Stored items from a collection:
• • • •

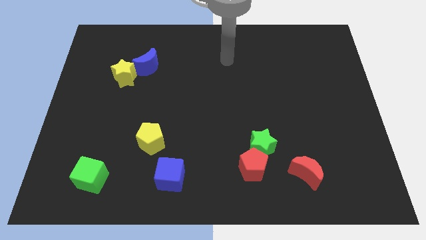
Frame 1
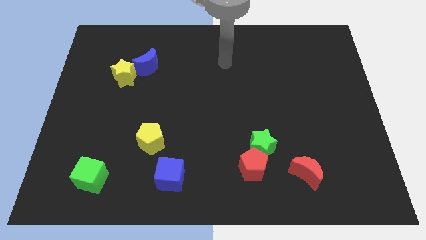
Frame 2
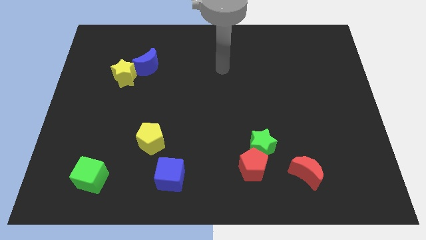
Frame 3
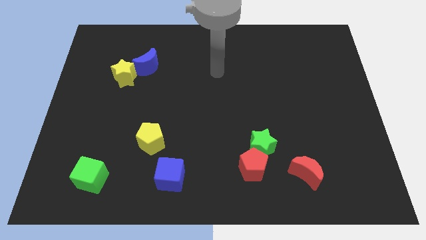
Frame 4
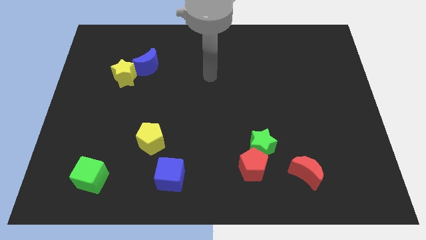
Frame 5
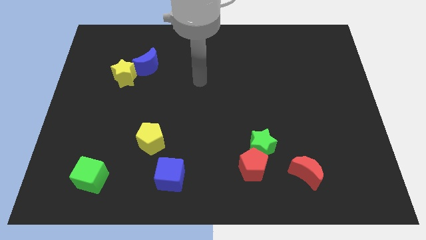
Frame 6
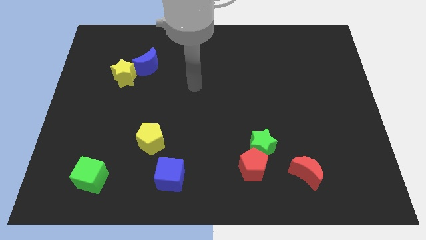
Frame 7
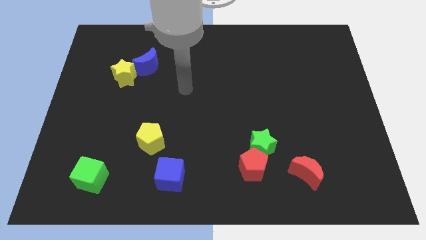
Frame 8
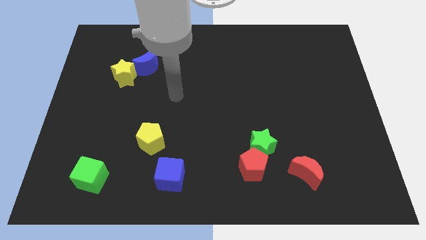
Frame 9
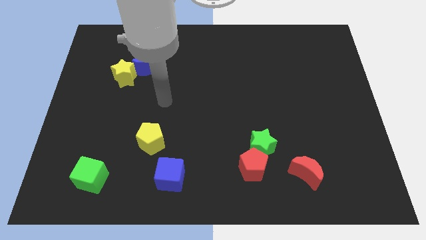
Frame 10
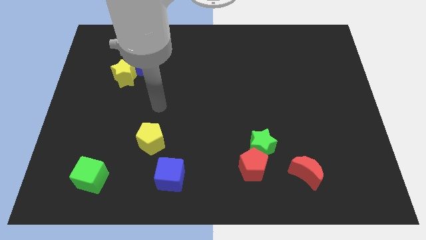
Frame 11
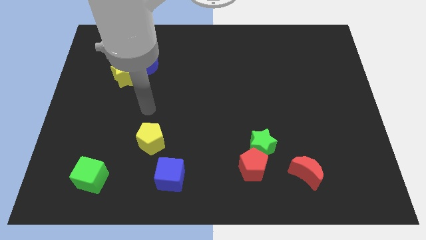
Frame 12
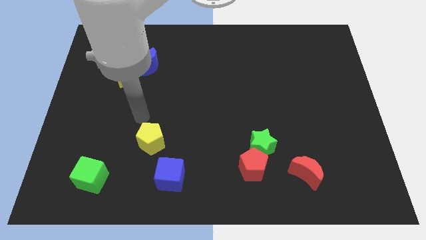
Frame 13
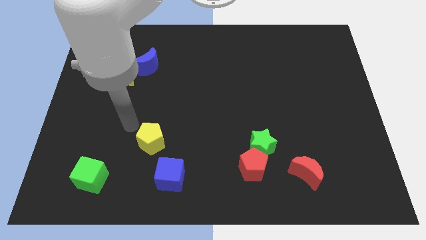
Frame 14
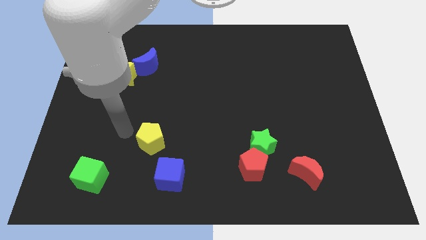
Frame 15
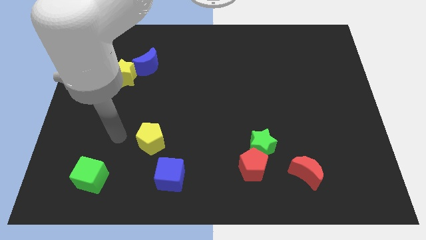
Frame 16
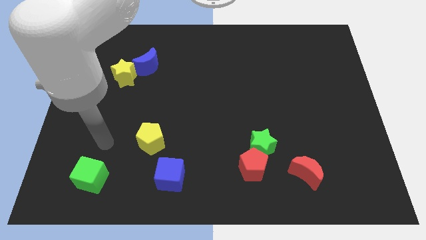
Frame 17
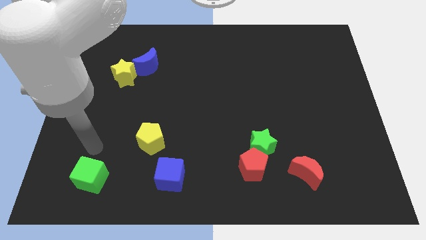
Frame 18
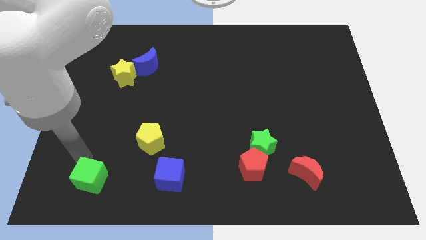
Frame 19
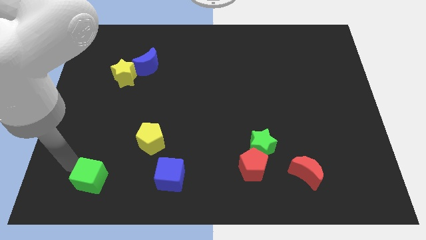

• • • •

WHAT YOU SHOULD DO: Retype every entry exactly as written. Leave the pictures out.

SOLUTION BELOW:
Frame 1
Frame 2
Frame 3
Frame 4
Frame 5
Frame 6
Frame 7
Frame 8
Frame 9
Frame 10
Frame 11
Frame 12
Frame 13
Frame 14
Frame 15
Frame 16
Frame 17
Frame 18
Frame 19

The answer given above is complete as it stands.